Trading cryptocurrencies allows you to earn enough money on a short, medium or long term. But before you start trading cryptocurrencies, you need to know some basic principles. First of all, you need to know the different ways to speculate on this market and the risks you are exposing yourself to. In this article, you will learn more about it.
Opting for Future Contracts
Take a look at this page to learn how to trade cryptocurrency and make profit. One of the most common ways to trade cryptocurrencies is through the option of futures contracts. The primary purpose of this approach is to reduce the exposure of assets to risk. Future contracts are excellent ways to predict whether the rise or fall of a cryptocurrency in the market.
It is important to note that these types of contracts require the use of leverage to increase profits. However, you have to be careful, because the ease with which you can gain with leverage is double-edged. It is very easy to lose money.
In practice, it is also important to have a solid foundation in liquidation concepts. This is because these are positions that are open at a certain level relative to the price. In case you don't master this concept, you will risk having trivial losses on your positions. Fortunately, there are ways to limit your exposure to liquidation. For example, you can place stop losses and trace profits.
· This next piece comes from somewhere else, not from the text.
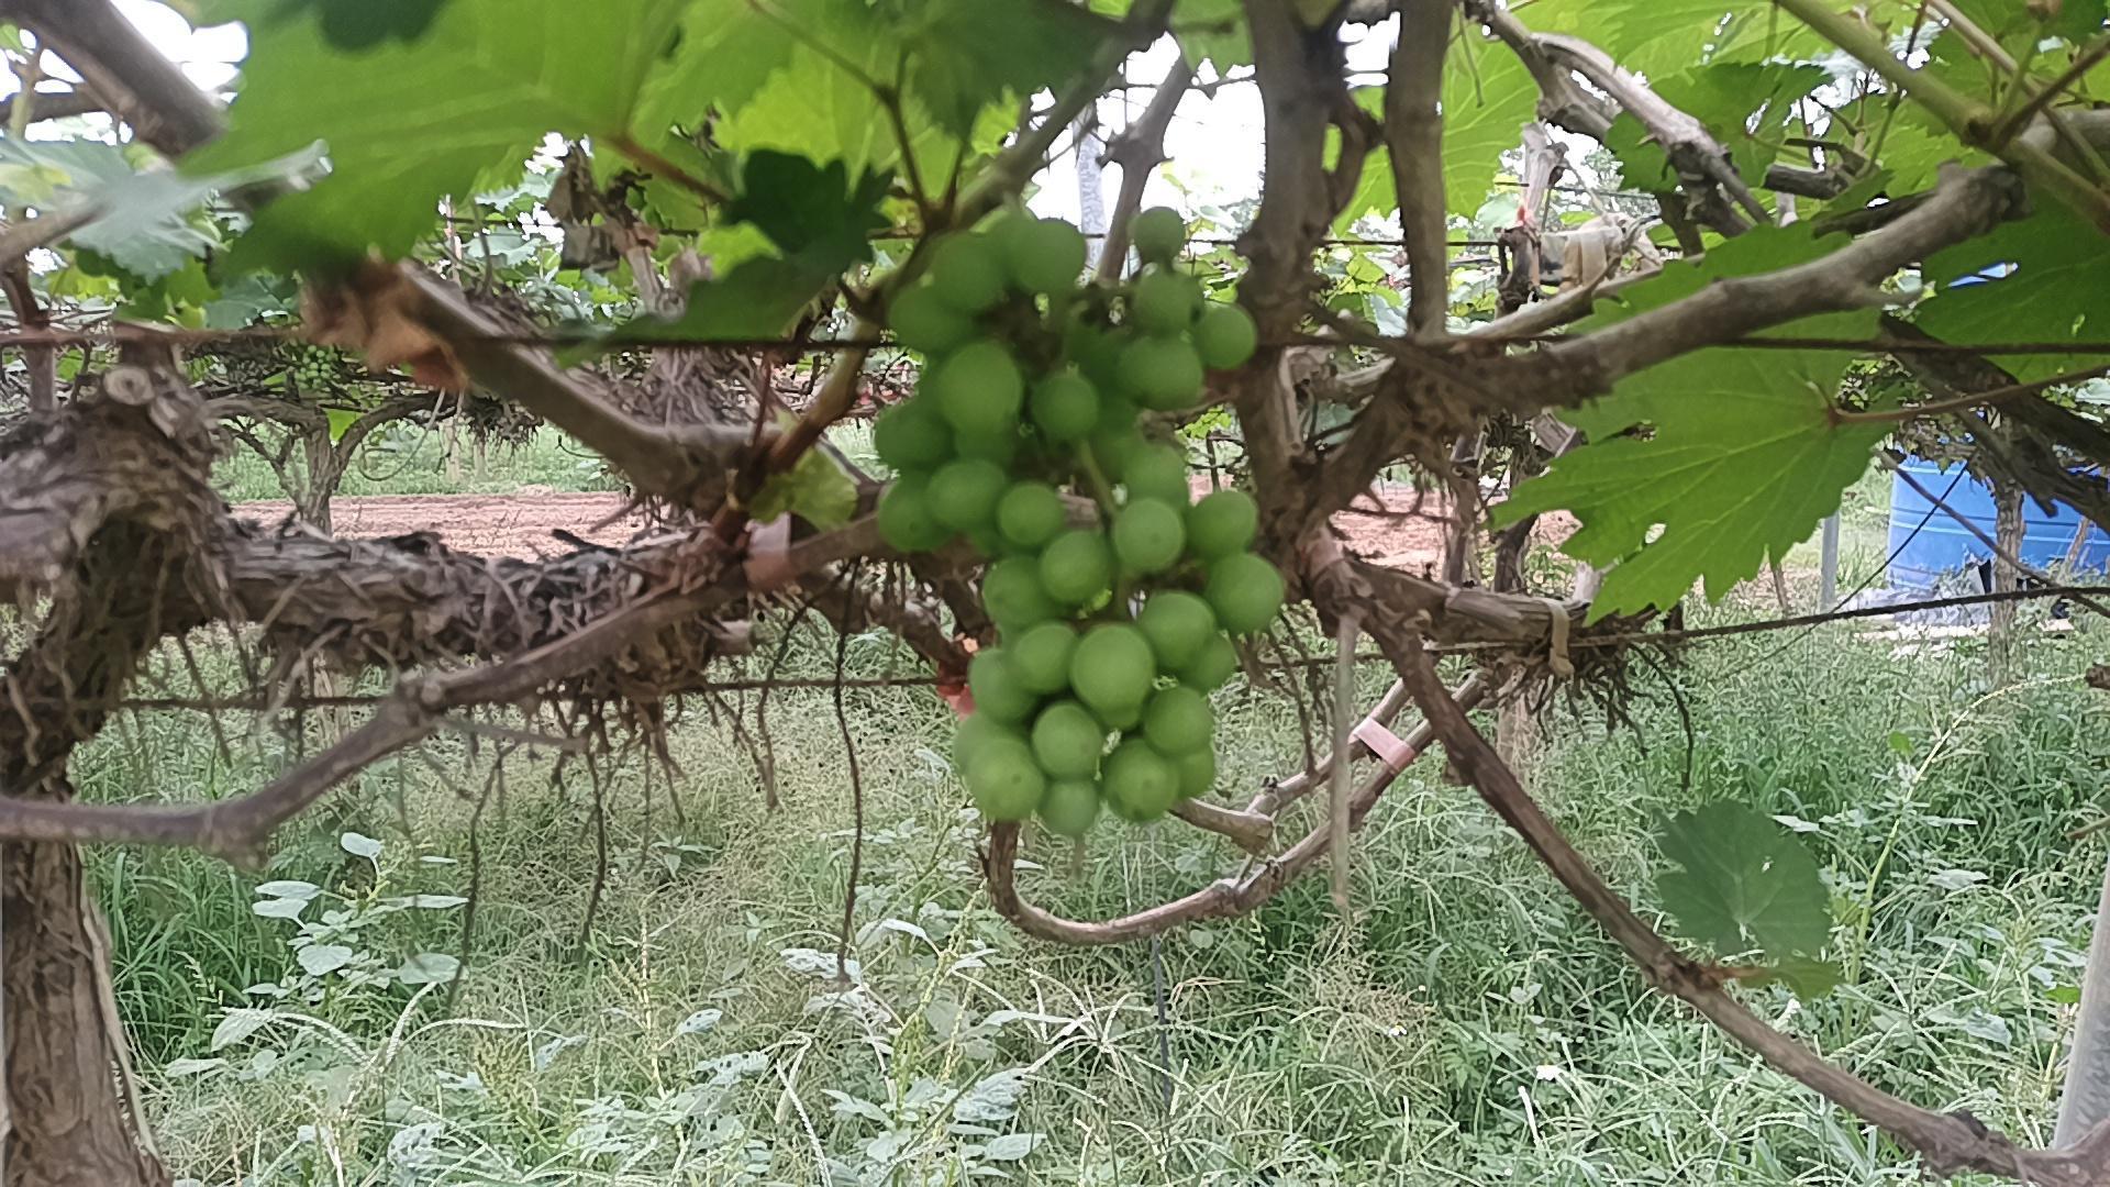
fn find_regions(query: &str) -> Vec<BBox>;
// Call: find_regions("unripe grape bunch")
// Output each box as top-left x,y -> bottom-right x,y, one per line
877,213 -> 1282,841

Try CFDs (contract for difference)
These products are very similar to the previous one, but here you do not have full control of your assets and the orders you will issue will not have an expiration date. The advantage of this approach is to bet on the behavior of a currency without necessarily needing leverage.
Another advantage is to trade with the euro and directly with brokers. However, you have to take into account the liquidation which is also involved here. In the end, CFDs allow you to take risks, but you have to know how to do it.